I'm going to be brutally honest with you. You should probably discontinue drug use altogether. Yeah, they're awesome, but at 15 you have way too much important brain development going on to use responsibly. Starting this soon will not only make it harder to stop when you get older, but could leave you with a whole array of health and mental issues. Just wait until you're at least 17 and 150lbs (but you won't technically be out of the woods until about 21).

No, I've never had a reason to regret using drugs. The only regret worthy thing for me smoking weed and experimenting with prescription pills is that some times you just lose time, all the days meld together, and your wallet definitely get thinner. I also blacked out once on Xanax, but I had trustworthy friends around who loved my stupid ass enough to weekend-at-Bernie's me all day when I decided to take too much at a state fair. Nevertheless, (when you get older) you need to be extremely careful and informed about what kind of people you're with, and exactly what you're taking. Every dose should be an informed decision, too many people get caught or put themselves in danger on YOLO moments. Don't be reckless, or afraid to refer to bluelight with questions and you should be okay.
 
I'd actually agree with nerdslayer. You're a little young. I didn't smoke weed until I was 16 and didn't smoke regularly until I went to college (18). Waiting as long as possible is ideal because people do best in life when layering drugs on top of previous interests/hobbies/careers, but it can be tough to build hobbies/careers/relationships on drugs.
 
No!

It is very important to stay focused on school or work though. I lost valuable years to drugs in my early twenties. Years I'll never recover.

Any drug you do that you haven't done before, do months of research on it. I mean dozens of hours. And then, start with a low dose. Reactions are always idiosyncratic. Stay safe! Don't drive high, and socialize with safe people.

Drugs can be fun but they are funnest when you know what you are doing, in and out!!!
 
You're too young to be getting into it, trust me. Let your brain and body finish developing, get to know yourself better. You have many years left to live, you don't need to do it all right now.

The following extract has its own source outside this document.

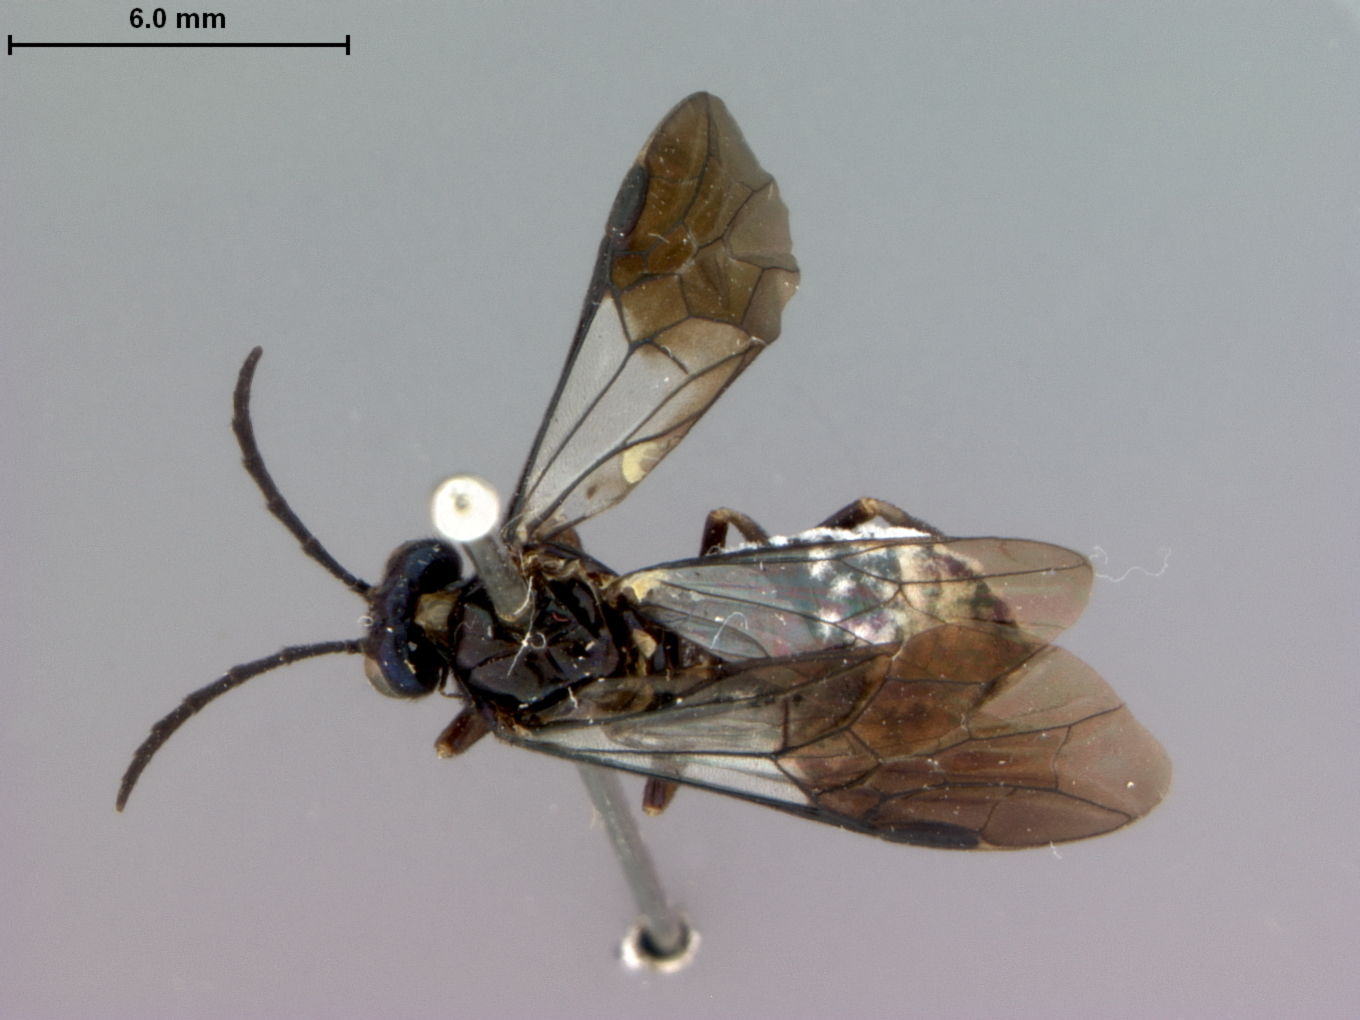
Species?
Senoclia diascoreae

Do I regret it? No... what I regret is lack of moderation.

When you're young you don't realize what you're doing to your body. The realities set in once you reach your 30's and you're not a spring chicken anymore. My early drug use involved social scenes where people had the "go big or go home" attitude about everything, which is totally out of line with the HR ethic. But then, I did drugs at a time when old school raving was still flourishing and the average person knew fuck all about drugs. Just saying that it's fine to have fun but also try to honour your future self as best you can too, because your future self is relying on your present choices for his wellness.

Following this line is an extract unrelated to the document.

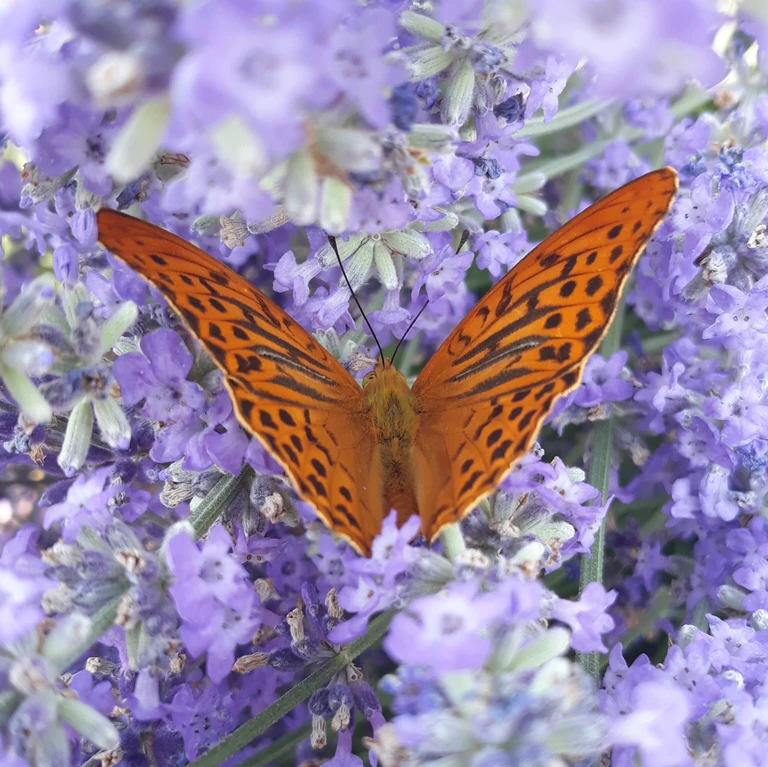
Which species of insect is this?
Argynnis paphia

I have zero regret about the realizations, insights, and personal evolution I've experienced. People attribute my intelligence to book smarts but I attribute my smarts to doing drugs in creative scenes and greatly enhancing my creative and emotional intelligence. I just wish that someone had pulled me aside near the beginning and said, "Just because you don't feel the harm now while you're young doesn't mean you're not harming yourself."
 
hey i started at 13...with a star of david x pill in 1998.... and im about to do h

i regret everything im addicted to xanax heroin adderall subutex valium ecstasy
You're too young to be getting into it, trust me. Let your brain and body finish developing, get to know yourself better. You have many years left to live, you don't need to do it all right now.

Do I regret it? No... what I regret is lack of moderation.

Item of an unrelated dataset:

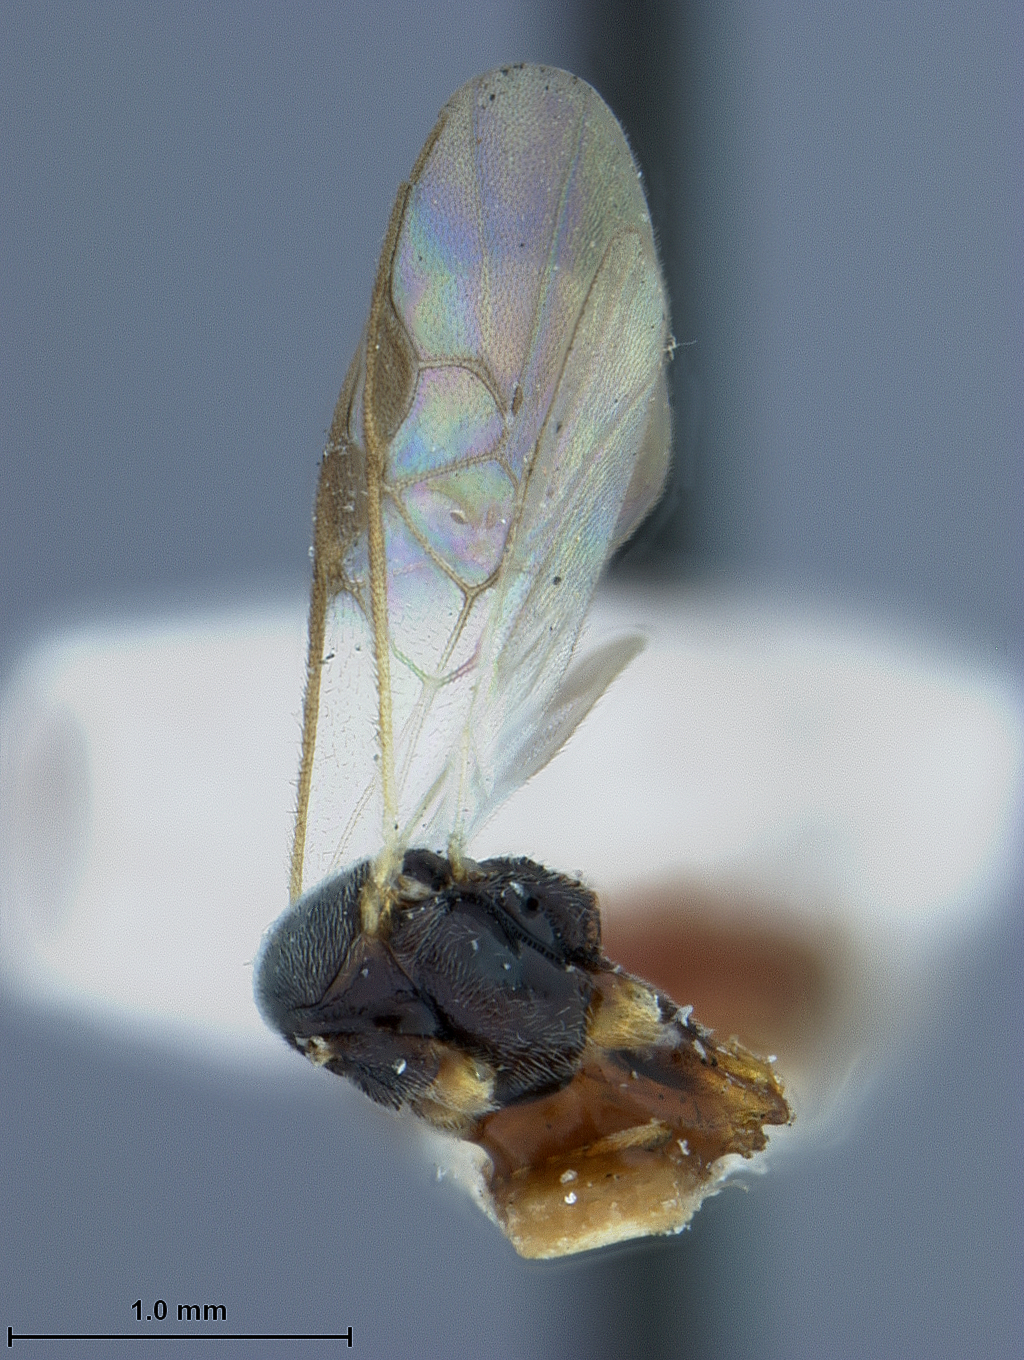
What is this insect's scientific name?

When you're young you don't realize what you're doing to your body. The realities set in once you reach your 30's and you're not a spring chicken anymore. My early drug use involved social scenes where people had the "go big or go home" attitude about everything, which is totally out of line with the HR ethic. But then, I did drugs at a time when old school raving was still flourishing and the average person knew fuck all about drugs. Just saying that it's fine to have fun but also try to honour your future self as best you can too, because your future self is relying on your present choices for his wellness.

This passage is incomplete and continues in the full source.